We introduce UMI-on-Air, a framework for embodiment-aware deployment of embodiment-agnostic manipulation policies. Our approach leverages diverse, unconstrained human demonstrations collected with a handheld gripper (UMI) to train generalizable visuomotor policies. A central challenge in transferring these policies to constrained robotic embodiments-such as aerial manipulators-is the mismatch in control and robot dynamics, which often leads to out-of-distribution behaviors and poor execution. To address this, we propose Embodiment-Aware Diffusion Policy (EADP), which couples a high-level UMI policy with a low-level embodiment-specific controller at inference time. By integrating gradient feedback from the controller's tracking cost into the diffusion sampling process, our method steers trajectory generation towards dynamically feasible modes tailored to the deployment embodiment. This enables plug-and-play, embodiment-aware trajectory adaptation at test time. We validate our approach on multiple long-horizon and high-precision aerial manipulation tasks, showing improved success rates, efficiency, and robustness under disturbances compared to unguided diffusion baselines. Finally, we demonstrate deployment in previously unseen environments, using UMI demonstrations collected in the wild, highlighting a practical pathway for scaling generalizable manipulation skills across diverse-and even highly constrained-embodiments. All code, data, and checkpoints will be publicly released after acceptance. Result videos can be found at umi-on-air.github.io.

Paper Structure

This paper contains 19 sections, 8 equations, 8 figures, 1 algorithm.

Figures (8)

  • Figure 1: UMI-on-Air with Embodiment-Aware Guidance. Standard UMI (Universal Manipulation Interface, chi2024universalha2024umilegs) systems use one-way communication by sending high-level policy outputs to low-level controllers via end-effector trajectories—often suboptimal or even infeasible for a given embodiment. Our approach introduces two-way communication, letting the low-level controller steer UMI policies from actions with high tracking cost to those with lower cost, enabling more robust and high-performance cross-embodiment deployment.

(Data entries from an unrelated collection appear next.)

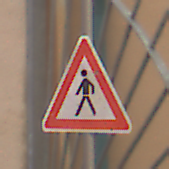
Verkehrszeichen: FussgaengerRechts
Umgebung: Outdoor, Urban
Tageszeit: Midday
Wetter: Overcast
Licht: Natural
Jahreszeit: NotSpecified
Kontrast: LowContrast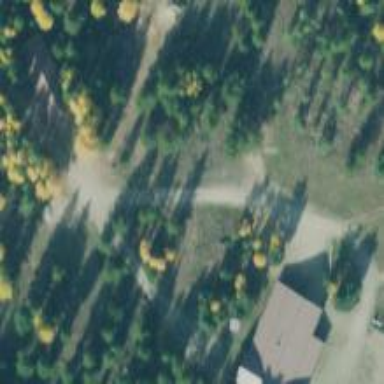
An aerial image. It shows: Driveway.

  • Figure 2: Aerial Manipulation Tasks. Combining UMI and our embodiment-aware guidance approach enables scalable data-collection and robust deployment of fully-autonomous skills previously beyond reach. On our UAM, we showcase (a) lemon harvesting (must find ripe yellow ones), (b) high precision peg insertion in unseen environments, and (c) long-horizon light bulb installation tasks.

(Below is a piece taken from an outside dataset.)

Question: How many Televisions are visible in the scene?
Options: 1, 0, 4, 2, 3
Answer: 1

  • Figure 3: Embodiment-Aware Diffusion Policy. Using UMI, we collect data for an embodiment-agnostic Diffusion Policy, which iteratively denoises actions from visual inputs. To produce more feasible actions, we add gradients of the MPC's tracking cost to the diffusion model's output at each iteration, steering the denoising process akin to classifier guidance. Finally, the guided action sequence is tracked by MPC at 50Hz.

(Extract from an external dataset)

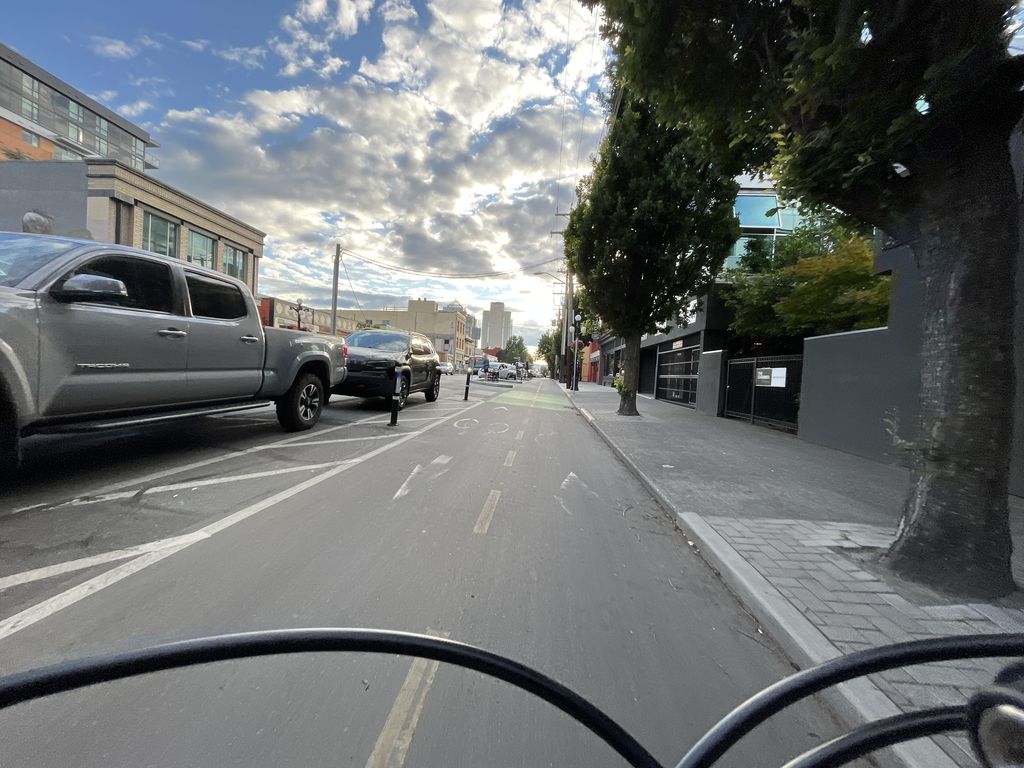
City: victoria

  • Figure 4: Data Collection to Deployment. Our data collection setup contains an iPhone running SLAM tracking, a lightweight camera for deployment, and compliant, 3D-printed gripper fingers. By sharing the observation and action space between data collection and deployment time, we minimize the embodiment gap.
  • Figure 5: Policy Adaptation Across Embodiments. Across four simulated tasks (1) and three embodiments (2), we observe that EADP can adapt the embodiment-agnostic diffusion policy to the deployment embodiments with varying "UMI-abilities". Visualizing 32 action samples across different embodiments for the same observation, we observe that UR10e's trajectories is guided upwards to be more kinematically feasible, avoiding kinematic singularities. In contrast, the UAM's trajectories are guided downwards to be more dynamically feasible due to perturbations along the $-Z$ direction.